Some of you wrote in yesterday to question why it was that I seemed so pissed about Ham’s museum, as it is, after all, a private enterprise, and he doesn’t appear to be taking any of our tax dollars. Well, it’s because I suspect, once it’s built, the Creation Museum, like most museums, will see school groups as their primary source of income. It’s not really being discussed now, but my feeling is that Ham will probably start appealing to schools, perhaps offering discounted programs that other secular non-profit enterprises in the region can’t match… the same way that the Church of Scientology is presently offering to provide “educational” materials on health to financially strapped inner-city school districts. It’s a slippery slope and I think we need to recognize that fact and start the debate now, before the entity is created.

If you would like to support the work of Mr. Ham, there are ample opportunities on his site. If I were you, I’d buy one of the limited edition posters like the one right here… I love the way the early morning sunlight is glistening off the back of the wooly mammoth as it approaches the ark. That was one of my favorite scenes in the Bible and I’d just love to have it here in my home. Not only is it beautiful though, it’s an investment. (The site says that it’s a “limited edition,” but there’s no mention of how many the edition is limited to.) And, for just $1,500 you can get a copy “on canvas.” (The $1,000 version is on paper.)

I’ve been obsessed with Ken Ham for the past few days. I hesitate to tell you this, because I’m afraid that word might get back to him, but I’m about to come forward with conclusive evidence that he is in fact Dr. Zaius, the orangutan elder from “Planet of the Apes.” (Am I the only one that finds the resemblance uncanny? I’ve asked a few people now, and no one seems to see it but me.)

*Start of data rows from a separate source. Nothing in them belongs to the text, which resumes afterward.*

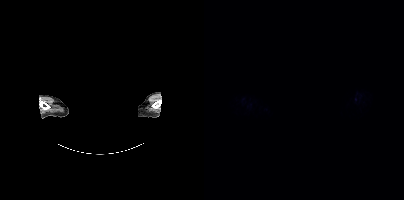
{"modality":"PSMA PET/CT","view":"axial","tracer":"18F-PSMA","pet_grid":[200,200],"coord_frame":"pet_panel","coord_format":"x0,y0,x1,y1","psma_avid_lesions":false,"redaction":"facial region redacted"}
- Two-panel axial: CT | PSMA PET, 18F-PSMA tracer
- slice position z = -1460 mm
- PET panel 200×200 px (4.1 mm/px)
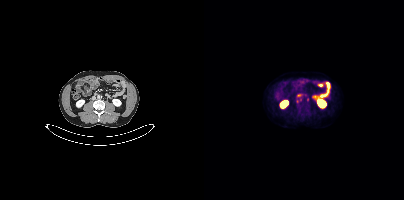
Findings: Coordinates are on the 200×200 PET (right) panel. Small PSMA-avid focus (2 to 4 px across) near (center x, center y): (103, 99).
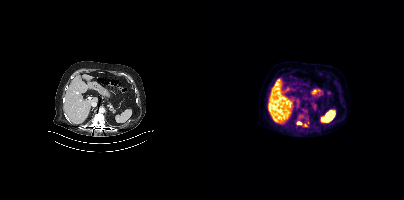
modality: PSMA PET/CT | tracer: 18F | view: axial | PET grid: 200×200
Coordinates are on the 200×200 PET (right) panel. PSMA-avid tumor lesion bounding box (x, y, width, height): x=93 y=122 w=6 h=4. Small PSMA-avid focus (2 to 4 px across) near (center x, center y): (101, 125).
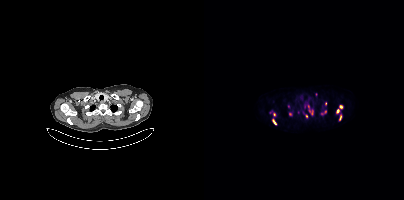
Paired axial CT (left) and PSMA PET (right), 18F-PSMA tracer. Acquired on Siemens Biograph mCT Flow 20. Slice position z = 440 mm. PET panel 200×200 px (4.1 mm/px). Coordinates are on the 200×200 PET (right) panel. (showing 10 of 12 foci) PSMA-avid tumor lesion bounding boxes (x0,y0,x1,y1): [105,110,109,115]; [135,115,137,120]; [118,111,122,114]; [69,119,72,124]. Small PSMA-avid foci (2 to 4 px across) near (center x, center y): (86, 113); (70, 114); (102, 115); (133, 111); (121, 103); (136, 106).
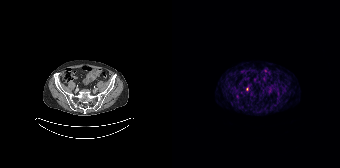
Findings: Only PSMA-avid lesion pieces thinner than 2 px on this slice (not listed).
- Left: CT. Right: PSMA PET, same axial level, 68Ga-PSMA tracer
- PET panel 168×168 px (4.1 mm/px)
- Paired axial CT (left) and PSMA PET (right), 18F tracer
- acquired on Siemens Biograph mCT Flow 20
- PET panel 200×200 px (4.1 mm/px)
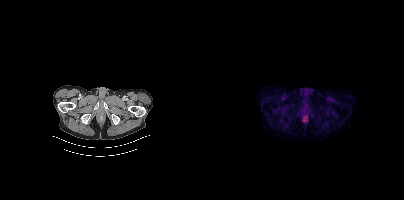
Findings: No PSMA-avid tumor lesions on this slice.

Getting back to the question of whether or not dinosaurs existed during Biblical times… Let’s say that I can put aside all the evidence to the contrary and allow myself to believe that the world is only ten thousand years old (instead of several billion). And, let’s say that I can accept the idea that, even though there’s no evidence to support it, dinosaurs and men coexisted on the earth at the same time. Let’s say all of that is true… How then could I accept the word of a book that makes no mention of the ravenous pterodactyls that must have been circling the hill on which Jesus was crucified? How could I accept the word of a book that, while going into great detail over many other things, never even mentions that there were upright-walking lizard creatures (T. rexes) with teeth the size of the tablets containing the Ten Commandments?

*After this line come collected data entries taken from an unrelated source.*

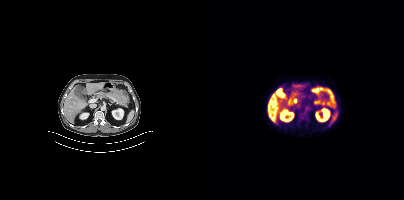
{"modality":"PSMA PET/CT","view":"axial","tracer":"[18F]PSMA-1007","pet_grid":[200,200],"coord_frame":"pet_panel","coord_format":"x0,y0,x1,y1","psma_avid_lesions":false}
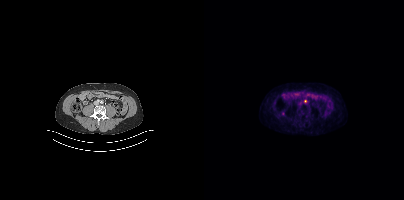
modality: PSMA PET/CT | tracer: [18F]PSMA-1007 | view: axial | PET grid: 200×200
Coordinates are on the 200×200 PET (right) panel. Small PSMA-avid focus (2 to 4 px across) near (center x, center y): (101, 101).
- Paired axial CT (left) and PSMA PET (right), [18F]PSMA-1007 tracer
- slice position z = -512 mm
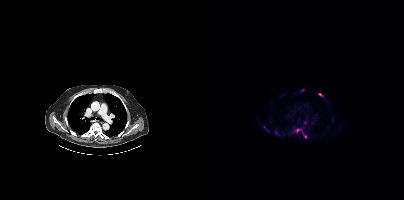
Findings: Coordinates are on the 200×200 PET (right) panel. (showing 6 of 8 foci) PSMA-avid tumor lesion bounding boxes (x0,y0,x1,y1): [92,129,97,132]; [71,131,74,135]. Small PSMA-avid foci (2 to 4 px across) near (center x, center y): (116, 94); (101, 136); (101, 122); (60, 127).
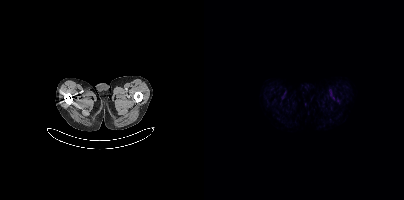
modality: PSMA PET/CT | tracer: [18F]PSMA-1007 | view: axial | PET grid: 200×200
Negative for PSMA-avid disease on this slice.
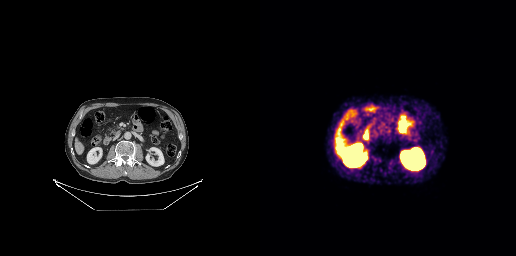
{"pet_grid":[256,256],"coord_frame":"pet_panel","coord_format":"x0,y0,x1,y1","psma_avid_lesions":false,"modality":"PSMA PET/CT","view":"axial","tracer":"[68Ga]Ga-PSMA-11"}
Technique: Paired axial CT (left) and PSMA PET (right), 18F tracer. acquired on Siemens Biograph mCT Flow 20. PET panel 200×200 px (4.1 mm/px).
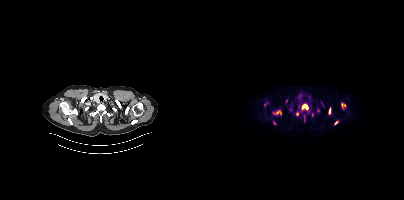
Findings: Coordinates are on the 200×200 PET (right) panel. (showing 10 of 11 foci) PSMA-avid tumor lesion bounding boxes (x, y, width, height): x=98 y=104 w=7 h=6; x=69 y=110 w=9 h=5; x=125 y=108 w=2 h=6; x=100 y=115 w=2 h=7. Small PSMA-avid foci (2 to 4 px across) near (center x, center y): (93, 114); (132, 122); (70, 123); (114, 110); (82, 101); (140, 105).
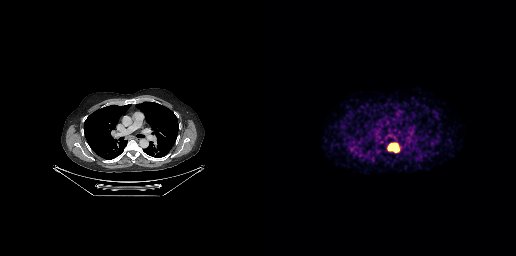
Findings: Coordinates are on the 256×256 PET (right) panel. PSMA-avid tumor lesion bounding box (x0, y0)-(x1, y1): (127, 142)-(139, 152).
- Paired axial CT (left) and PSMA PET (right), 68Ga-PSMA tracer
- acquired on GE Discovery 690
- PET panel 256×256 px (2.7 mm/px)
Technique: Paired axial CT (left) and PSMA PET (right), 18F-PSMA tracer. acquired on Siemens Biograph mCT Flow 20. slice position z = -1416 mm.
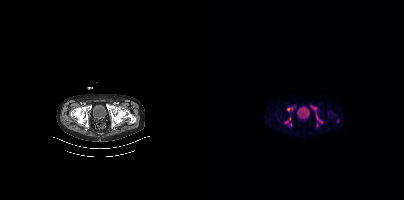
Findings: Coordinates are on the 200×200 PET (right) panel. (showing 6 of 7 foci) PSMA-avid tumor lesion bounding boxes (x0,y0,x1,y1): [106,105,118,123], [80,117,88,126], [83,105,91,111]. Small PSMA-avid foci (2 to 4 px across) near (center x, center y): (113, 124), (100, 116), (133, 120).

The apostles mention cows, pigs, doves, serpents, goats, sheep and any number of other animals, but yet not any of the creatures that modern researchers claim couldn’t have been there…. If you bought a book about the history of domestic companion animals in the United States and there were no mention of dogs, you’d probably think that the rest of the book was full of shit too, right? How observant could the apostles have been if they didn’t see these gigantic beasts? You’ve seen Jurassic Park, right? They’re fucking huge… and they tend to kind of be pests, with their flesh eating and all.

Don’t you discount every other observation the authors of the Bible made when you insist that they lived among, but were apparently oblivious to, giant carnivorous reptiles? Can these people like Ken Ham really not see that they might be doing irreparable harm to Christianity? I know that a lot of Americans apparently believe this stuff, but is this really a gamble that you want to take? Do you want to pin the future of your religion to a preposterous notion like this?

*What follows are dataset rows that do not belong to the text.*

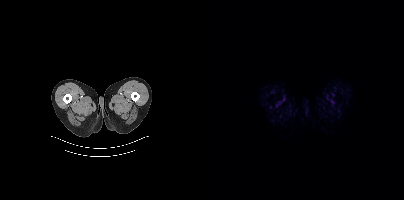
Findings: Negative for PSMA-avid disease on this slice.
Technique: Two-panel axial: CT | PSMA PET, [18F]PSMA-1007 tracer. PET panel 200×200 px (4.1 mm/px).
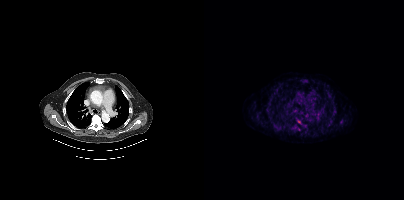
Coordinates are on the 200×200 PET (right) panel. (showing 1 of 2 foci) Small PSMA-avid focus (2 to 4 px across) near (center x, center y): (94, 121).
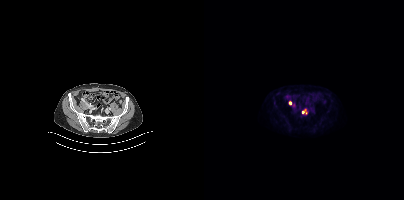
Coordinates are on the 200×200 PET (right) panel. (showing 2 of 4 foci) PSMA-avid tumor lesion bounding box (x0, y0)-(x1, y1): (98, 109)-(101, 113). Small PSMA-avid focus (2 to 4 px across) near (center x, center y): (85, 102).
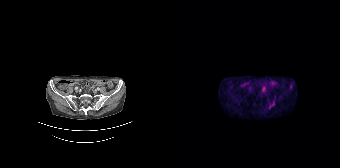
Coordinates are on the 168×168 PET (right) panel. PSMA-avid tumor lesion bounding box (x, y, width, height): x=97 y=103 w=5 h=5. Small PSMA-avid focus (2 to 4 px across) near (center x, center y): (91, 88).
modality: PSMA PET/CT | tracer: [68Ga]Ga-PSMA-11 | view: axial | PET grid: 168×168
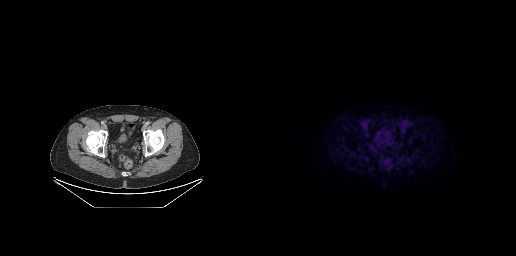
This slice has no annotated PSMA-avid lesion.
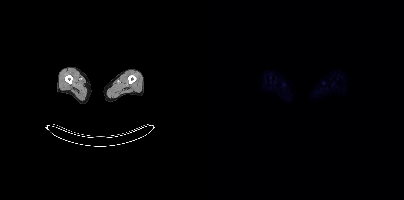
Left: CT. Right: PSMA PET, same axial level, 18F tracer. Acquired on Siemens Biograph mCT Flow 20. PET panel 200×200 px (4.1 mm/px). No tumor lesions annotated on this slice.
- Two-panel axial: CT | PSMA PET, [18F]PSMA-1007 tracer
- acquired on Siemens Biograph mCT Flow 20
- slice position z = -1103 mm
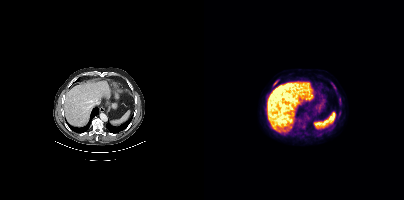
Findings: Coordinates are on the 200×200 PET (right) panel. PSMA-avid tumor lesion bounding box (x0,y0,x1,y1): [127,83,131,88]. Small PSMA-avid focus (2 to 4 px across) near (center x, center y): (71, 83).
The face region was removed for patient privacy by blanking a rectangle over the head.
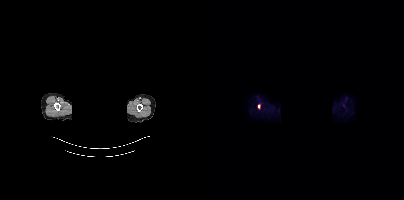
Coordinates are on the 200×200 PET (right) panel. Small PSMA-avid focus (2 to 4 px across) near (center x, center y): (54, 106).
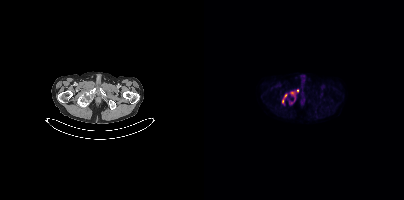
modality: PSMA PET/CT | tracer: 18F | view: axial | PET grid: 200×200
Coordinates are on the 200×200 PET (right) panel. PSMA-avid tumor lesion bounding boxes (x0,y0,x1,y1): [85,91,92,104], [78,94,83,103]. Small PSMA-avid focus (2 to 4 px across) near (center x, center y): (93, 90).
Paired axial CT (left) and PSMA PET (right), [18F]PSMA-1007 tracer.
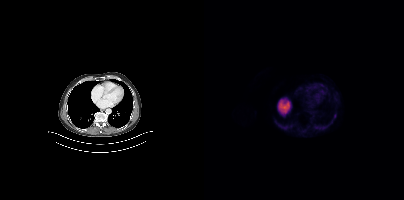
Coordinates are on the 200×200 PET (right) panel. Small PSMA-avid focus (2 to 4 px across) near (center x, center y): (130, 115).
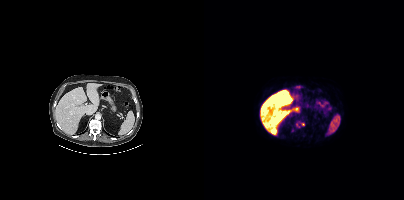
Coordinates are on the 200×200 PET (right) panel. PSMA-avid tumor lesion bounding boxes (x0, y0)-(x1, y1): (95, 122)-(100, 125); (92, 123)-(95, 127). Small PSMA-avid focus (2 to 4 px across) near (center x, center y): (88, 130).
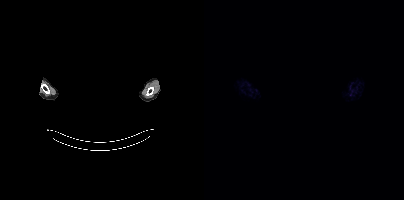
This slice has no annotated PSMA-avid lesion. Two-panel axial: CT | PSMA PET, [18F]PSMA-1007 tracer. Slice 380 of 385. The head region is masked for de-identification.
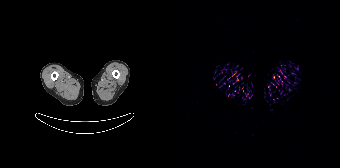
modality: PSMA PET/CT | tracer: 68Ga-PSMA | view: axial | PET grid: 168×168
No PSMA-avid tumor lesions on this slice.
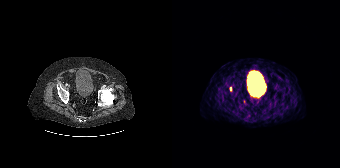
{"pet_grid":[168,168],"coord_frame":"pet_panel","coord_format":"x0,y0,x1,y1","lesion_bboxes":[],"small_foci_centers":[[58,88]],"modality":"PSMA PET/CT","view":"axial","tracer":"68Ga-PSMA"}
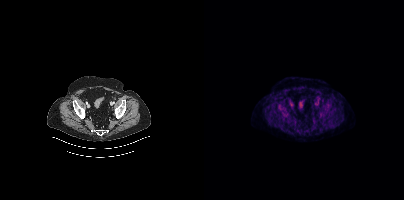
Findings: No PSMA-avid tumor lesions on this slice.
Technique: Paired axial CT (left) and PSMA PET (right), 18F tracer. slice position z = -36 mm.

Well, once again I’ve taken up all my blogging time with this nonsense when I should have been writing about other stuff, like the fact that 11 of the 13 most corrupt members of Congress are Republicans, the fact that FEMA has inexplicably put Mike “Brownie” Brown back on the payroll, and the most recent sign of the Apocalypse.

And, in conclusion, I have absolutely no idea what it means that Ken Ham is Dr. Zaius. I suspect it has something to do with his wanting to hide the evidence of evolution from future generations. Maybe the Monkey Power Trio was rignt and Planet of the Apes was real, and Dr. Zaius is here now laying the groundwork… I’m tired.

Posted in Observations | 45 Comments

in the town of bedrock

They’re apparently about halfway done with the new $25 million “biblical interpretation” museum being built in Petersburg, Kentucky, right outside of Cincinnati (formerly “Porkopolis”). Here are a few clips from an update that ran in today’s Washington Post:

…The guide, a soft-spoken fellow with a scholarly aspect, walks through the halls of this handsome, half-finished museum and points to the sculpture of a young velociraptor.

“We’re placing this one in the hall that explains the post-Flood world,” explains the guide. “When dinosaurs lived with man.”

A reporter has a question or two about this dinosaur-man business, but Mark Looy — the guide and a vice president at the museum — already has walked over to the lifelike head of a T. rex, with its three-inch teeth and carnivore’s grin.

“We call him our ‘missionary lizard,’ ” Looy says. “When people realize the T. rex lived in Eden, it will lead us to a discussion of the gospel. The T. rex once was a vegetarian, too”…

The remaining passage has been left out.